房间在一瞬间暗淡了许多,唯一一点微弱的灯光时不时地被从天台外渗进来的风吹得闪了一闪,于是房里的阴影也时不时跟着动了一动。
亚图姆坐在床上,靠在床头,随意摘下黄金的荷鲁斯头饰放在床头。
他抬起头便看见坐在他身边的年少王弟微微歪着头看着他,那张稚嫩可爱的面容对他露出了他所熟悉的软软的笑容。
绯红色的艳丽瞳孔深处似乎有什么隐约动了一动,又平静下来。
亚图姆下意识伸出手来,指尖透入对方的发丝,抚着那白瓷色的颊。
浅褐色指尖传递来的柔软细腻而又熟悉的舒适感让他俊美的面容放松了许多,他注视着他的王弟的眼中透出的一点暖意,坐直身子,脸向对方凑了过去。
只是,年轻法老王的唇在下一秒所感觉到的柔软温热的感触并非来自于他的王弟的唇,而是王弟抬起的手的手心。

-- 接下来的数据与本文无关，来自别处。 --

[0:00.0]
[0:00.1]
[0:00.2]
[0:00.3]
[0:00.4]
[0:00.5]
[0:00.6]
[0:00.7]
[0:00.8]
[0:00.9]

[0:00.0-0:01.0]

跪坐在床上的王弟仰着头,那双紫罗兰色的大眼睛看着他,抬起的右手捂住了他的唇。
绯红色瞳孔里艳丽的颜色一点点沉下来,化作阴晦的色调。
亚图姆一把抓住那纤细的手腕,将那碍事的手从自己唇前扯开。浓密的睫毛在灯光下给艳红色的瞳孔里投上一层深色的阴影,隐约蕴含着少年王压抑中的怒气。
“你还在生气?”
年轻的法老王盯着他的王弟,他的唇抿得紧紧的,“因为那件事……你怨恨朕?”
年少的王弟怔了一怔,突然失笑。
因为右手被对方抓住动不了,所以只能抬起仅剩的自由的左手。
白瓷色的手指捧着年轻法老王的右颊,游戏抬起头,他直起身体,主动将自己的唇贴上了那浅褐色的额头。

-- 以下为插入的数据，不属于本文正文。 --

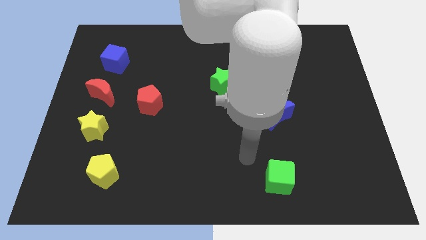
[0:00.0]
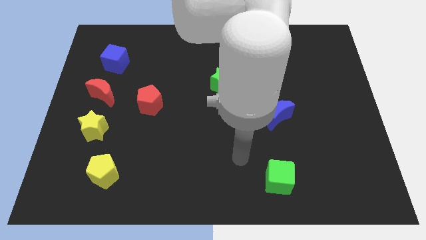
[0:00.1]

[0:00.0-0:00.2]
pull the red moon apart from the yellow star

他亲吻了一下少年王刚刚摘下了黄金头饰的额头,然后再一次对他的王兄微笑。
“我以前曾经说过,对现在的我来说,王兄是我最重要的人。”
年少的王弟说,浅紫色的瞳孔弯弯的,化作月牙的弧度。
“这一点永远不会改变。”
“无论发生了什么事情,我都不会怨恨王兄。”
讨厌也好,怨恨也好,我都做不到。
因为是你。
因为你对我来说很重要很重要。
也许是因为被他的王弟第一次如此主动地亲吻,年轻的法老王似乎一时间还没有反应过来。
也不知道他到底听清了游戏的话没有,因为他此刻只是有点发怔地看着他的王弟,下意识地用手摸了摸自己的额头刚才被亲吻的地方。
年轻的法老王皱了皱眉,绯红色的瞳孔死死地盯着他那个突如其来做出惊人举动的王弟,眼底的颜色太过艳丽而让人看不清楚那深处的神色。
年少王弟毫不回避地与之对视,一脸无辜,看起来笑得很开心。
最终败下阵的人出乎意料。
年轻的法老王第一次主动将自己的视线从对方那里移开,扭过头去。
他的脸隐藏在昏暗的灯光斜射下的阴影之中,掩盖住了他的眼底那一闪而过的那一点微弱的窘迫之色。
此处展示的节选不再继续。